しかしTVのコメンテーターと違って,私たちのような世論調査の専門家の間では支持率に関して冷静な見方がされていた.田中−細川−小泉の支持率が,60%→70%→80%と更新されていく過程は,回収率が80%→70%→60%と低下していく世論調査史の表と裏であった.支持率が表世間を一人歩きしていくとき,回収率は裏世間でひっそりと佇んでいた.

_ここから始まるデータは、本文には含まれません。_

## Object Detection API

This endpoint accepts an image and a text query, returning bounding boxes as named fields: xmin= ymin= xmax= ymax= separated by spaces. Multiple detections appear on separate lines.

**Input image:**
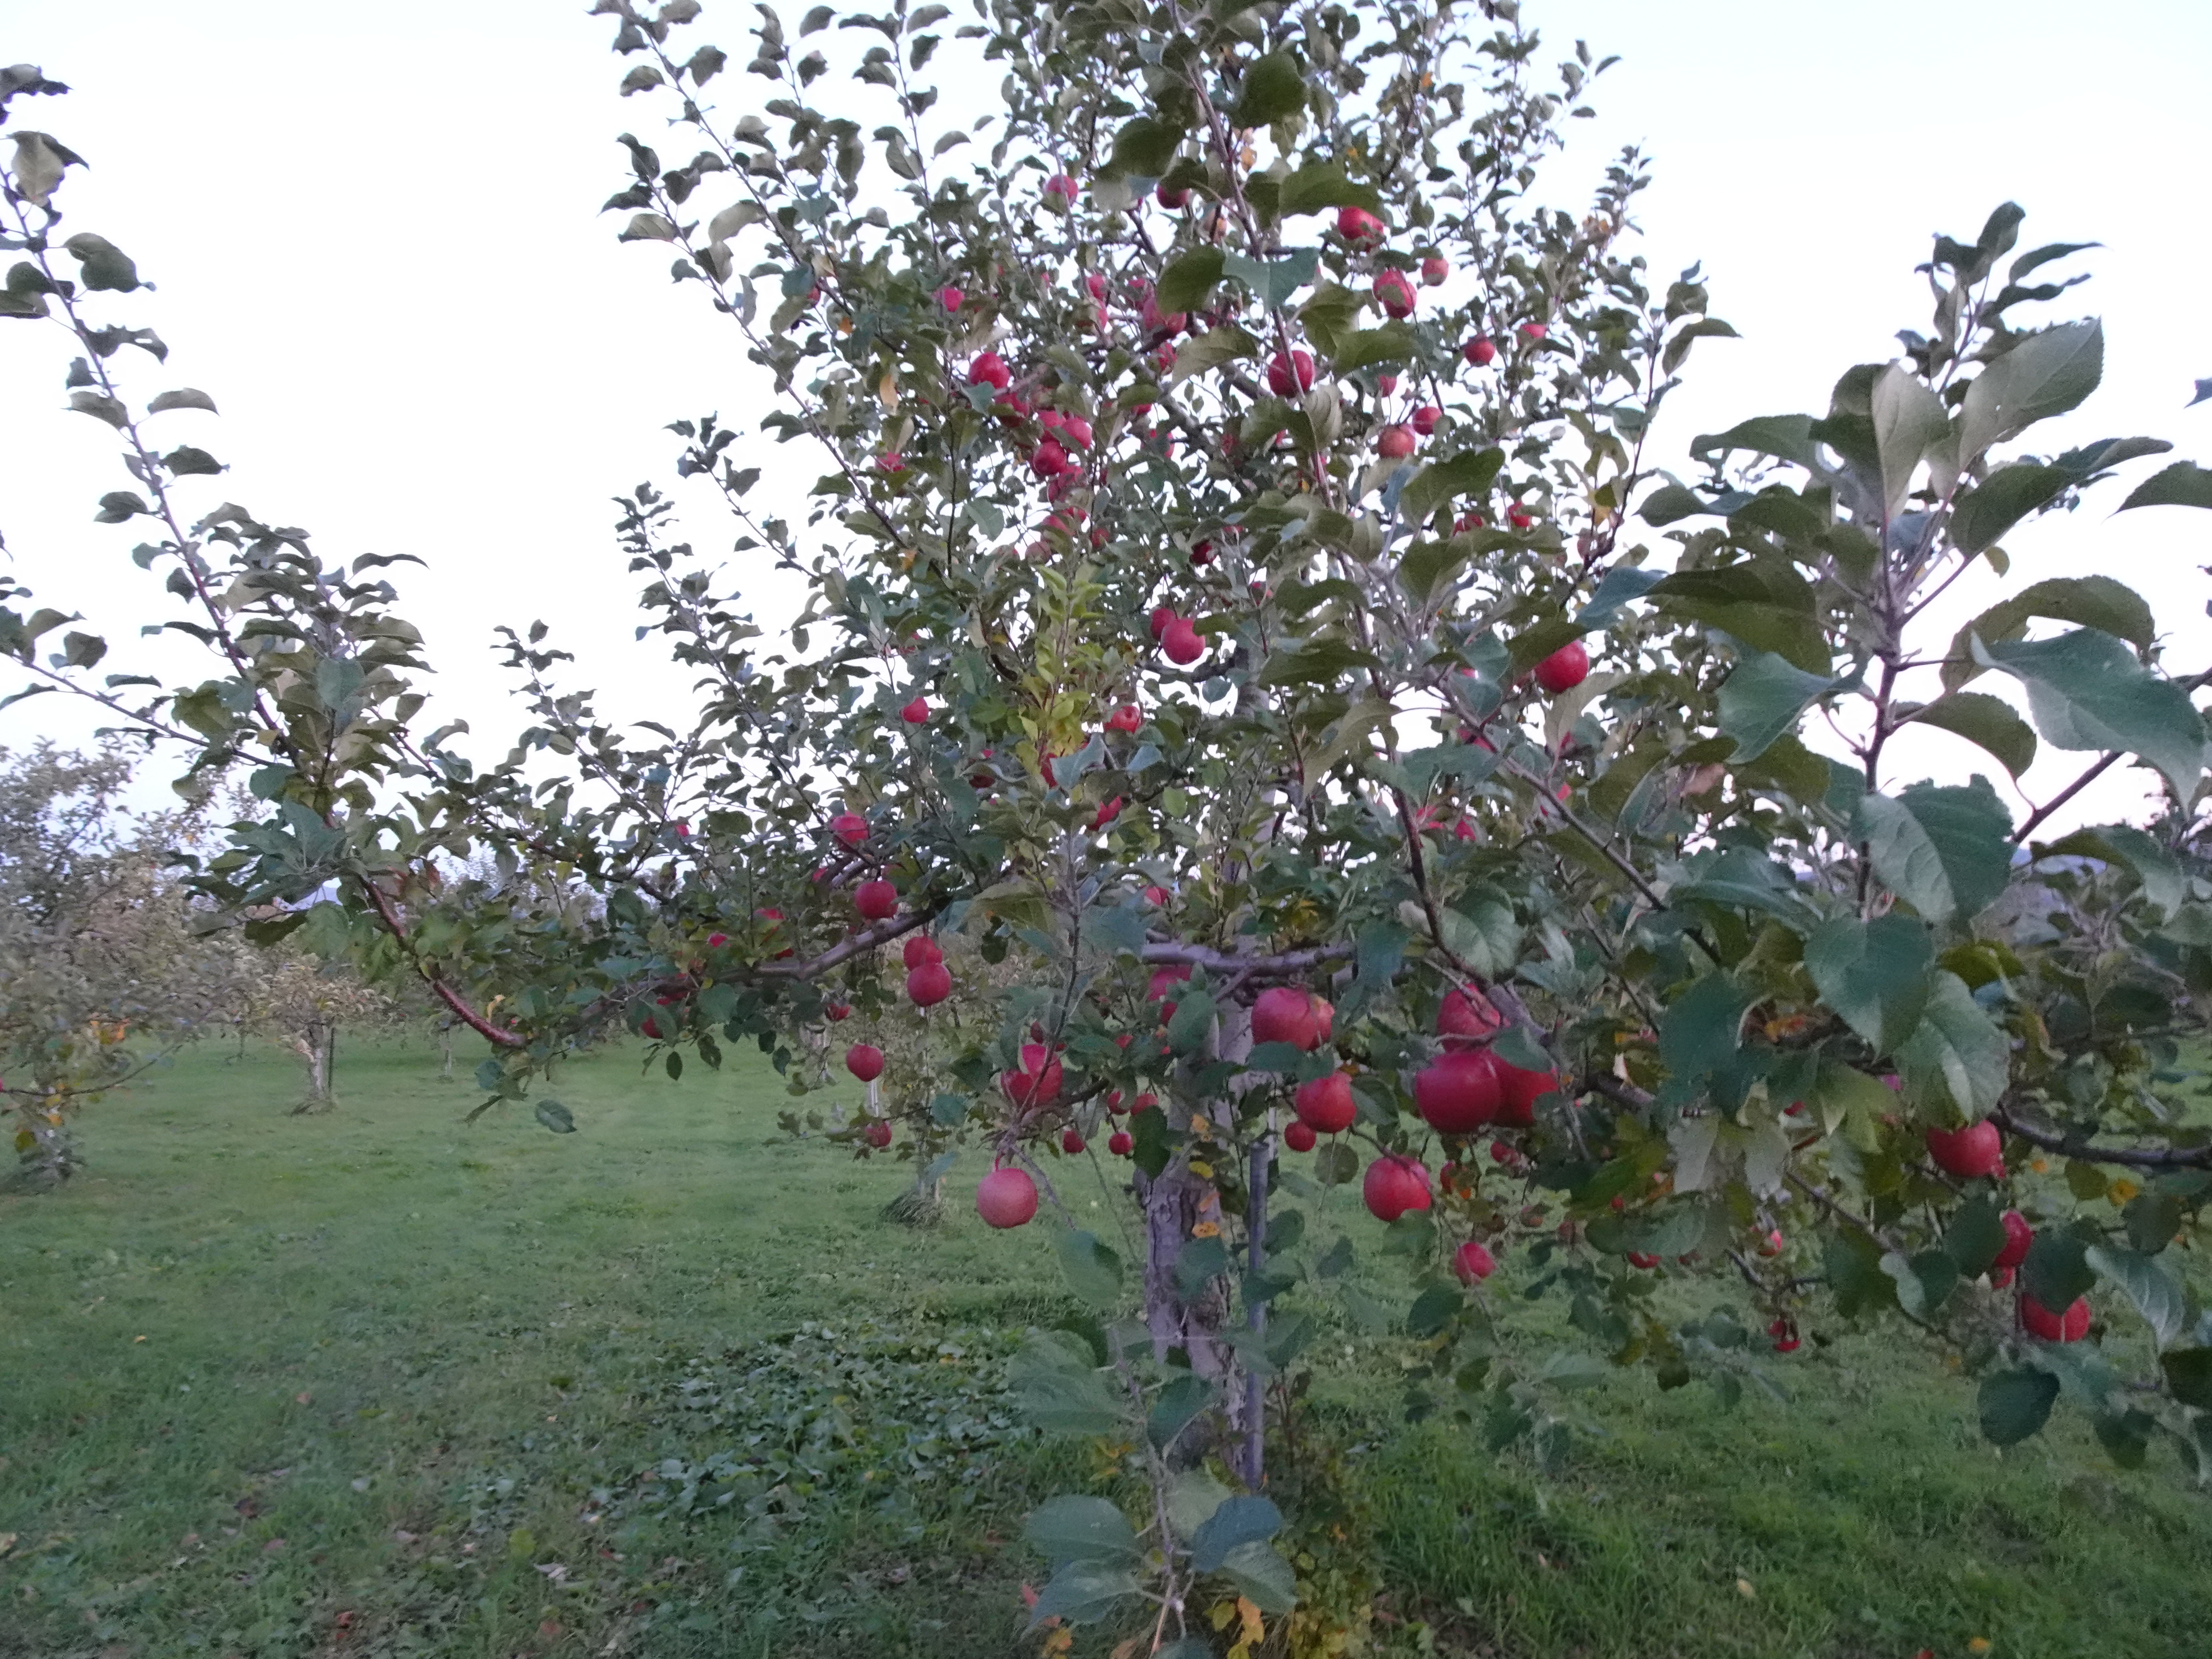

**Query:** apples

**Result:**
xmin=1218 ymin=52 xmax=1262 ymax=94
xmin=1199 ymin=210 xmax=1231 ymax=245
xmin=1288 ymin=908 xmax=1322 ymax=939
xmin=993 ymin=387 xmax=1032 ymax=430
xmin=1156 ymin=178 xmax=1191 ymax=210
xmin=1042 ymin=513 xmax=1074 ymax=546
xmin=1338 ymin=203 xmax=1384 ymax=251
xmin=1047 ymin=478 xmax=1094 ymax=518
xmin=753 ymin=907 xmax=788 ymax=939
xmin=1765 ymin=1312 xmax=1802 ymax=1353
xmin=1206 ymin=304 xmax=1235 ymax=333
xmin=2018 ymin=1283 xmax=2091 ymax=1344
xmin=1373 ymin=265 xmax=1407 ymax=305
xmin=1404 ymin=801 xmax=1446 ymax=847
xmin=666 ymin=950 xmax=709 ymax=985
xmin=1873 ymin=1108 xmax=1898 ymax=1140
xmin=1748 ymin=1222 xmax=1782 ymax=1257
xmin=1411 ymin=405 xmax=1444 ymax=435
xmin=1925 ymin=1109 xmax=2001 ymax=1179
xmin=1519 ymin=1204 xmax=1545 ymax=1228
xmin=1222 ymin=422 xmax=1255 ymax=461
xmin=1303 ymin=450 xmax=1329 ymax=479
xmin=1202 ymin=138 xmax=1236 ymax=166
xmin=1285 ymin=1120 xmax=1317 ymax=1154
xmin=1788 ymin=1131 xmax=1820 ymax=1153
xmin=1145 ymin=963 xmax=1206 ymax=1028
xmin=1148 ymin=342 xmax=1181 ymax=376
xmin=916 ymin=383 xmax=955 ymax=419
xmin=1163 ymin=616 xmax=1205 ymax=667
xmin=1034 ymin=409 xmax=1066 ymax=446
xmin=1465 ymin=988 xmax=1522 ymax=1031
xmin=1114 ymin=1033 xmax=1138 ymax=1060
xmin=1622 ymin=1230 xmax=1661 ymax=1272
xmin=1462 ymin=512 xmax=1489 ymax=539
xmin=1577 ymin=532 xmax=1609 ymax=562
xmin=1072 ymin=299 xmax=1110 ymax=336
xmin=1396 ymin=421 xmax=1416 ymax=441
xmin=939 ymin=409 xmax=993 ymax=453
xmin=1439 ymin=605 xmax=1456 ymax=624
xmin=1108 ymin=1130 xmax=1135 ymax=1157
xmin=1968 ymin=1636 xmax=1992 ymax=1655
xmin=1453 ymin=723 xmax=1501 ymax=766
xmin=1420 ymin=253 xmax=1451 ymax=286
xmin=1611 ymin=1185 xmax=1635 ymax=1213
xmin=1545 ymin=1018 xmax=1567 ymax=1037
xmin=1979 ymin=1209 xmax=2035 ymax=1270
xmin=975 ymin=1166 xmax=1040 ymax=1231
xmin=902 ymin=693 xmax=929 ymax=724
xmin=1276 ymin=755 xmax=1309 ymax=790
xmin=1503 ymin=501 xmax=1533 ymax=532
xmin=1491 ymin=1053 xmax=1583 ymax=1126
xmin=844 ymin=1043 xmax=886 ymax=1082
xmin=1378 ymin=426 xmax=1417 ymax=466
xmin=1267 ymin=350 xmax=1313 ymax=400
xmin=704 ymin=931 xmax=737 ymax=959
xmin=1463 ymin=335 xmax=1496 ymax=368
xmin=968 ymin=900 xmax=995 ymax=924
xmin=1436 ymin=983 xmax=1499 ymax=1058
xmin=1058 ymin=415 xmax=1097 ymax=453
xmin=1367 ymin=363 xmax=1399 ymax=399
xmin=818 ymin=254 xmax=838 ymax=278
xmin=1778 ymin=1089 xmax=1819 ymax=1127
xmin=1639 ymin=1022 xmax=1670 ymax=1052
xmin=1184 ymin=511 xmax=1240 ymax=557
xmin=1024 ymin=540 xmax=1052 ymax=567
xmin=1243 ymin=580 xmax=1281 ymax=614
xmin=1540 ymin=543 xmax=1568 ymax=570
xmin=822 ymin=991 xmax=853 ymax=1023
xmin=1454 ymin=658 xmax=1478 ymax=686
xmin=1031 ymin=1015 xmax=1058 ymax=1043
xmin=1259 ymin=415 xmax=1288 ymax=449
xmin=1414 ymin=1048 xmax=1503 ymax=1135
xmin=1053 ymin=506 xmax=1089 ymax=538
xmin=791 ymin=279 xmax=821 ymax=309
xmin=1533 ymin=632 xmax=1591 ymax=693
xmin=1518 ymin=322 xmax=1549 ymax=359
xmin=1129 ymin=1090 xmax=1161 ymax=1121
xmin=1144 ymin=294 xmax=1188 ymax=340
xmin=999 ymin=1045 xmax=1063 ymax=1109
xmin=1095 ymin=397 xmax=1132 ymax=430
xmin=1557 ymin=1221 xmax=1581 ymax=1243
xmin=1126 ymin=389 xmax=1153 ymax=417
xmin=1333 ymin=1060 xmax=1368 ymax=1093
xmin=1980 ymin=1256 xmax=2013 ymax=1290
xmin=1384 ymin=280 xmax=1419 ymax=323
xmin=1785 ymin=1015 xmax=1818 ymax=1045
xmin=972 ymin=292 xmax=1004 ymax=321
xmin=1363 ymin=1154 xmax=1433 ymax=1225
xmin=1451 ymin=521 xmax=1477 ymax=549
xmin=1101 ymin=704 xmax=1147 ymax=745
xmin=1106 ymin=640 xmax=1137 ymax=670
xmin=907 ymin=960 xmax=953 ymax=1009
xmin=824 ymin=302 xmax=858 ymax=334
xmin=993 ymin=545 xmax=1021 ymax=564
xmin=965 ymin=747 xmax=1001 ymax=788
xmin=1279 ymin=471 xmax=1311 ymax=499
xmin=855 ymin=881 xmax=900 ymax=920
xmin=1489 ymin=1140 xmax=1523 ymax=1166
xmin=810 ymin=868 xmax=839 ymax=891
xmin=1915 ymin=1644 xmax=1939 ymax=1659
xmin=1556 ymin=726 xmax=1586 ymax=752
xmin=831 ymin=818 xmax=871 ymax=851
xmin=1033 ymin=441 xmax=1067 ymax=475
xmin=981 ymin=258 xmax=1011 ymax=282
xmin=1679 ymin=760 xmax=1725 ymax=800
xmin=1295 ymin=1070 xmax=1357 ymax=1134
xmin=1123 ymin=277 xmax=1157 ymax=312
xmin=1873 ymin=1064 xmax=1907 ymax=1103
xmin=1506 ymin=645 xmax=1558 ymax=703
xmin=1059 ymin=1122 xmax=1091 ymax=1156
xmin=897 ymin=631 xmax=923 ymax=659
xmin=1451 ymin=1240 xmax=1497 ymax=1286
xmin=1884 ymin=883 xmax=1916 ymax=913
xmin=1083 ymin=785 xmax=1124 ymax=833
xmin=1178 ymin=532 xmax=1219 ymax=566
xmin=1104 ymin=1089 xmax=1134 ymax=1117
xmin=1056 ymin=464 xmax=1088 ymax=497
xmin=669 ymin=821 xmax=691 ymax=842
xmin=1136 ymin=887 xmax=1161 ymax=910
xmin=1248 ymin=987 xmax=1321 ymax=1056
xmin=1155 ymin=881 xmax=1170 ymax=903
xmin=965 ymin=350 xmax=1011 ymax=401
xmin=902 ymin=933 xmax=945 ymax=973
xmin=1639 ymin=1170 xmax=1663 ymax=1188
xmin=1024 ymin=379 xmax=1058 ymax=414
xmin=874 ymin=447 xmax=909 ymax=485
xmin=1127 ymin=195 xmax=1144 ymax=213
xmin=1207 ymin=585 xmax=1234 ymax=612
xmin=1074 ymin=662 xmax=1108 ymax=695
xmin=1042 ymin=174 xmax=1081 ymax=215
xmin=1141 ymin=427 xmax=1175 ymax=462
xmin=1146 ymin=601 xmax=1200 ymax=643
xmin=928 ymin=284 xmax=967 ymax=324
xmin=1444 ymin=814 xmax=1481 ymax=854
xmin=1531 ymin=772 xmax=1577 ymax=820
xmin=1028 ymin=269 xmax=1053 ymax=291
xmin=1295 ymin=992 xmax=1337 ymax=1049
xmin=768 ymin=926 xmax=802 ymax=962
xmin=639 ymin=992 xmax=686 ymax=1041
xmin=1038 ymin=740 xmax=1104 ymax=801
xmin=863 ymin=1117 xmax=894 ymax=1149
xmin=1439 ymin=1161 xmax=1476 ymax=1200
xmin=1090 ymin=528 xmax=1111 ymax=550
xmin=1080 ymin=274 xmax=1108 ymax=308

調査拒否率は年々増加する傾向で,私たち調査者を悩ませている大問題である.世論調査の拒否者の多くは「政治には興味ないから」「私には分からないから」と言う.彼らは時の内閣を積極的に「支持する」と表明しないし,最近では調査への回答すらも遠慮するのである.未回収票という有権者が内閣を支持するとは回答しないと仮定して,彼らを支持率算出の分母に加えると,実は,田中−細川−小泉の歴代内閣の支持率はいずれも48%程度で大差ない−−という主張ができる.このことをマスコミは指摘しなかった.小泉は下駄を履いた人気者だった.回収率という下駄を履いた.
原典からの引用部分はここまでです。